Backing waaaaay up to our original problem, it means that we could place pretty hard limits on our ability to store and explore the data we had. Were these limits good or bad? Well, the short answer is "good" and the longer answer is "it depends" -- for subsequences of length 31, we can store a graph containing a billion unique subsequences in about 500 megabytes, compared to the best "uncrumpled" storage of about 4 gigabytes. That's pretty good.
So, in short form, what did our paper show?
First, we built a system for partitioning metagenomic data sets based on connectivity. Our estimate at the moment is that we can scale metagenome assembly by a factor of about 20 better than anyone else, i.e. given a computer we can assemble a data set that is 20x larger than anyone else can assemble.

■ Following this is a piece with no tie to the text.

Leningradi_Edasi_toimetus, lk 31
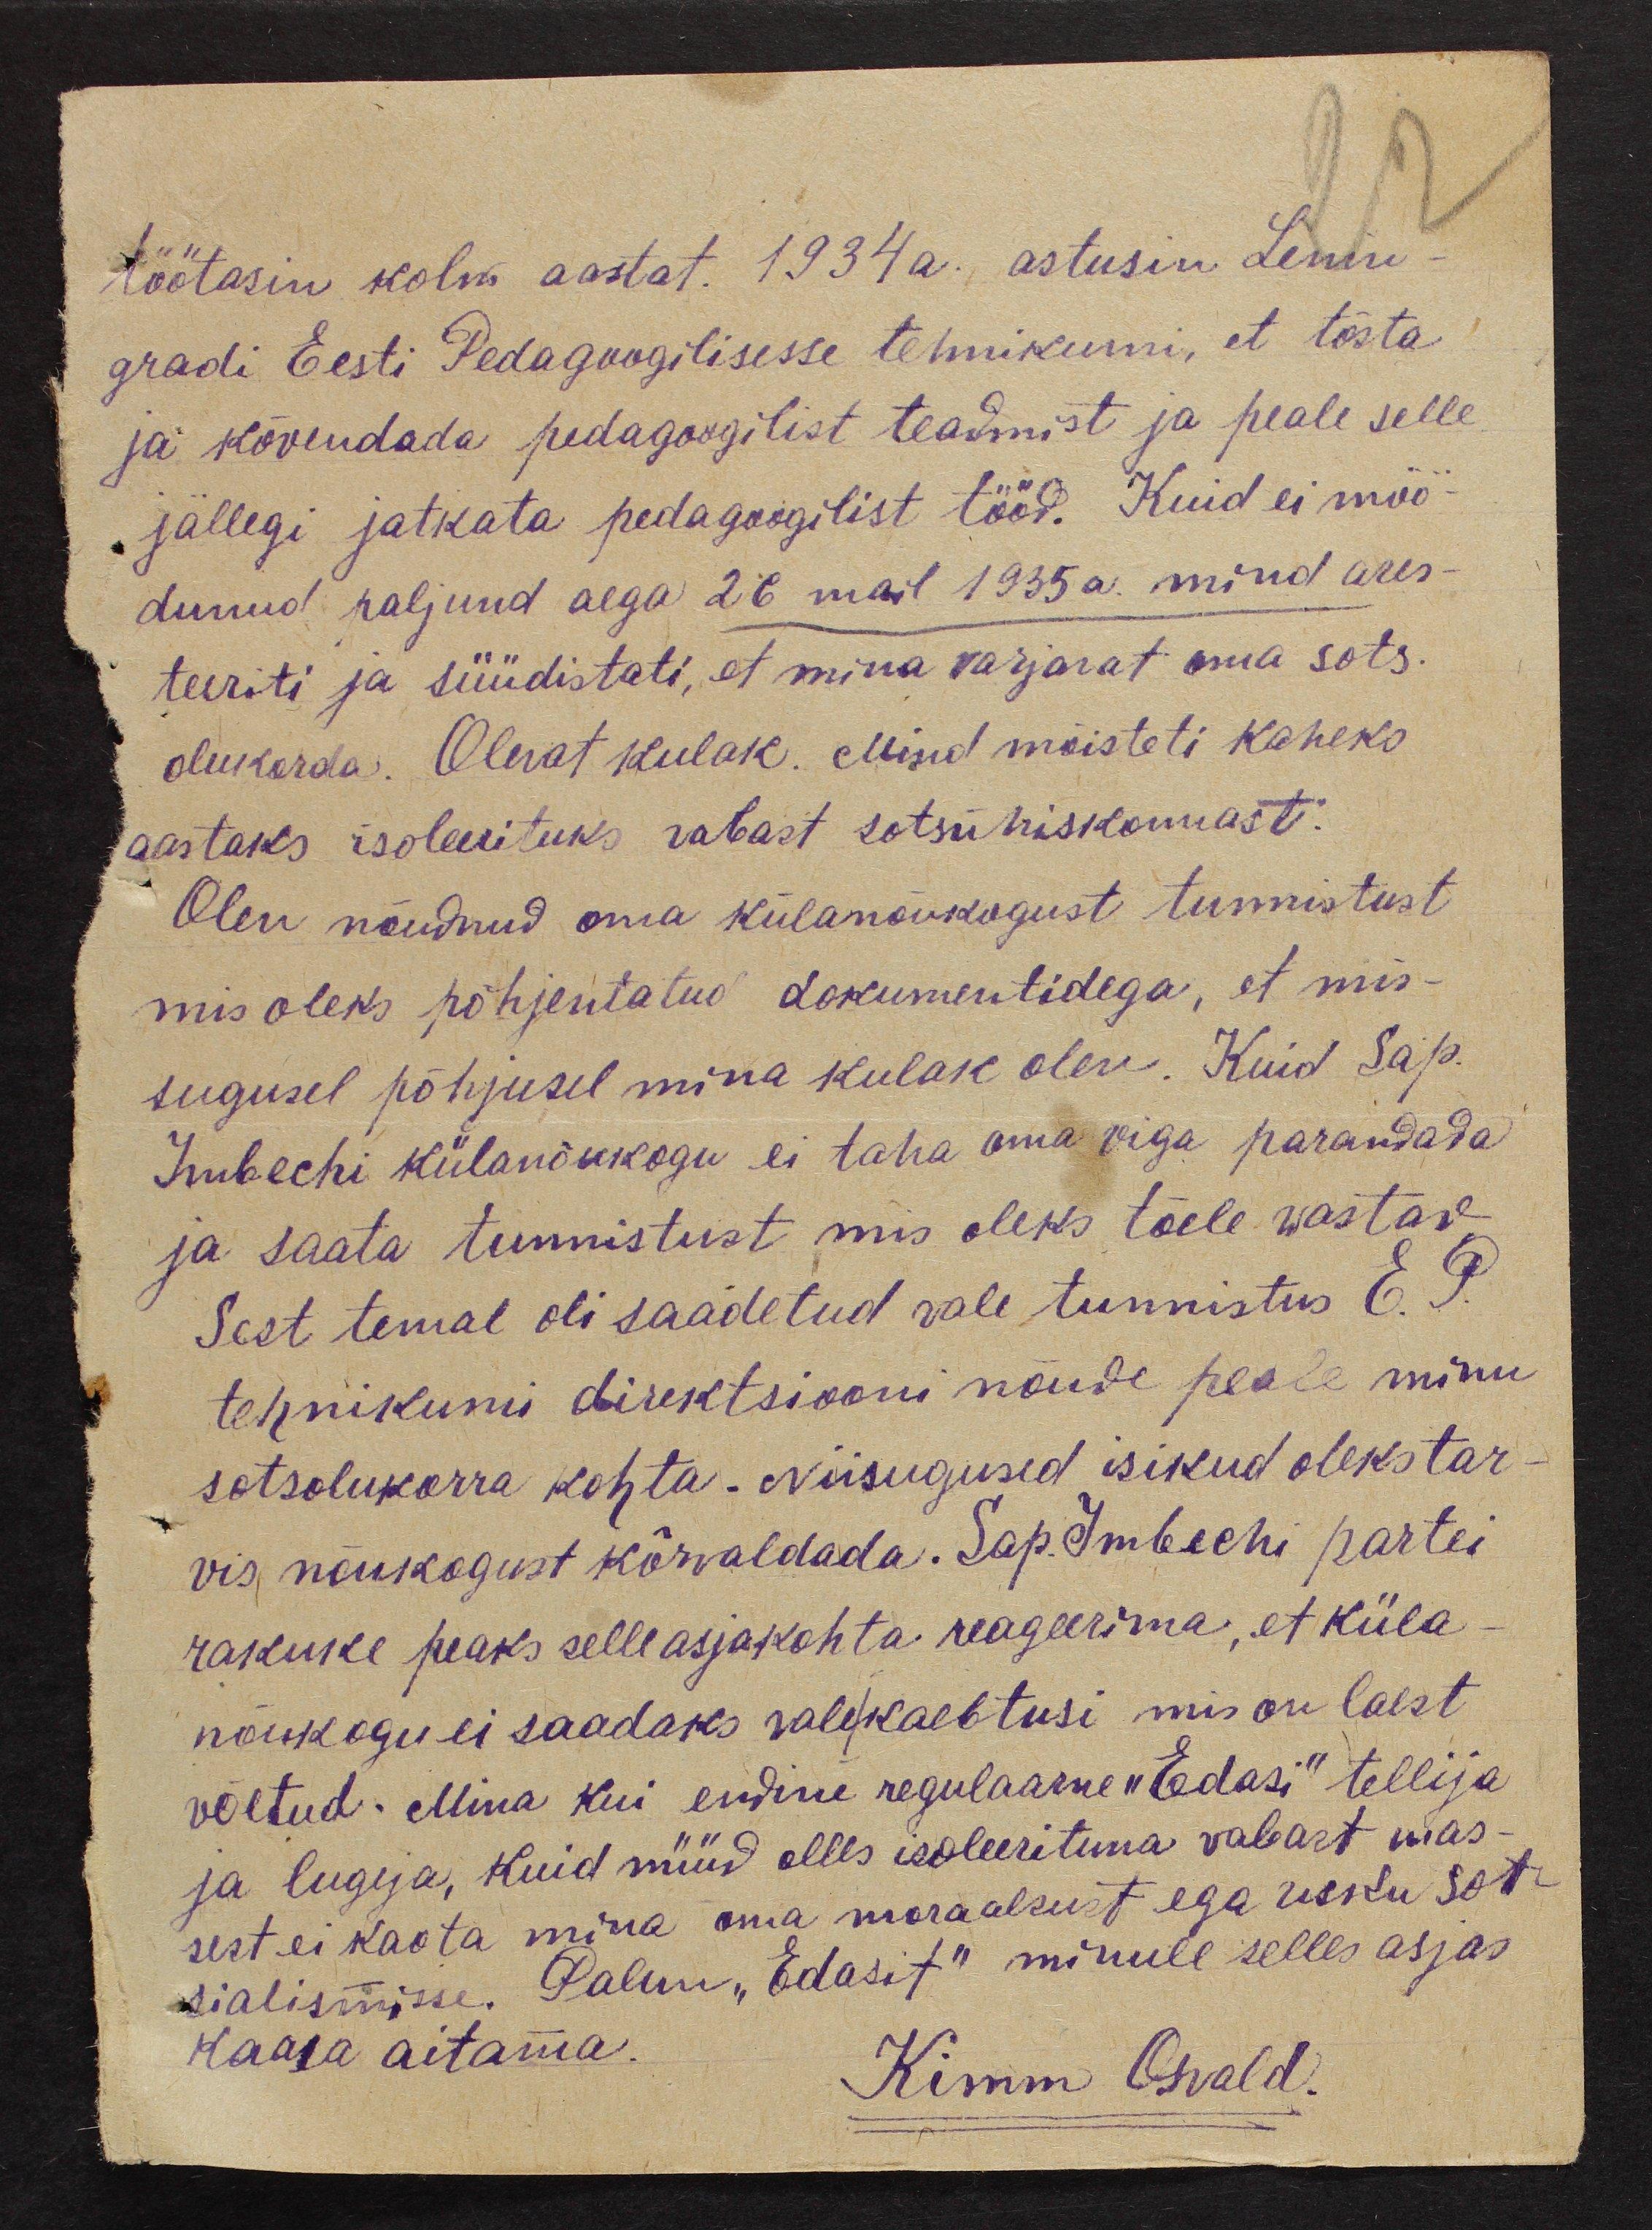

Second, this system is actually deployed and functional -- it works for us, it'd work for you, it's all open source, etc. etc. We're using it ourselves to assemble pretty freakin' big metagenomes. More on that real soon now.
Third, we provided a data structure that is theoretically well understood, in addition to being practically useful. This lets other people use it without fear, and in fact our method of graph storage was picked up by another group (see arXiv FTW) and used to build an actual assembler. Pretty cool.
Fourth, this first paper is -- just like our second paper -- entirely replicable, although we didn't use ipython notebook or anything particularly clever. You can regenerate all the results in it as well as the pre-publication paper PDF itself by following the instructions.
Fifth, this paper, together with our next paper on digital normalization, provides a way to completely solve the scaling problem with metagenome assembly: we haven't done it yet, but we explained how in my NSF CAREER proposal. (If someone wants to give me \$200k I will give them a nice functioning solution, hint hint. Or you can implement it yourself; how hard can it be? heh. heheh.)
IMO, the real novelty of this paper lies in its being the first paper that I know of to provide a scaling solution specific to metagenome assembly. In fact, I know of only one other group that's working on metagenome assembly scaling (the Banfield group) and their solution is orthogonal (complementary) to ours, so we actually hope to combine it with ours. (If you know of others, leave a comment below.)
But whatever others may make of it, the paper is a nice, solid first bit o' science, and I am really proud of it and my co-authors. If we can maintain this level of quality for all our papers (high quality independent of editorial estimate of impact, note) then I will be a happy camper.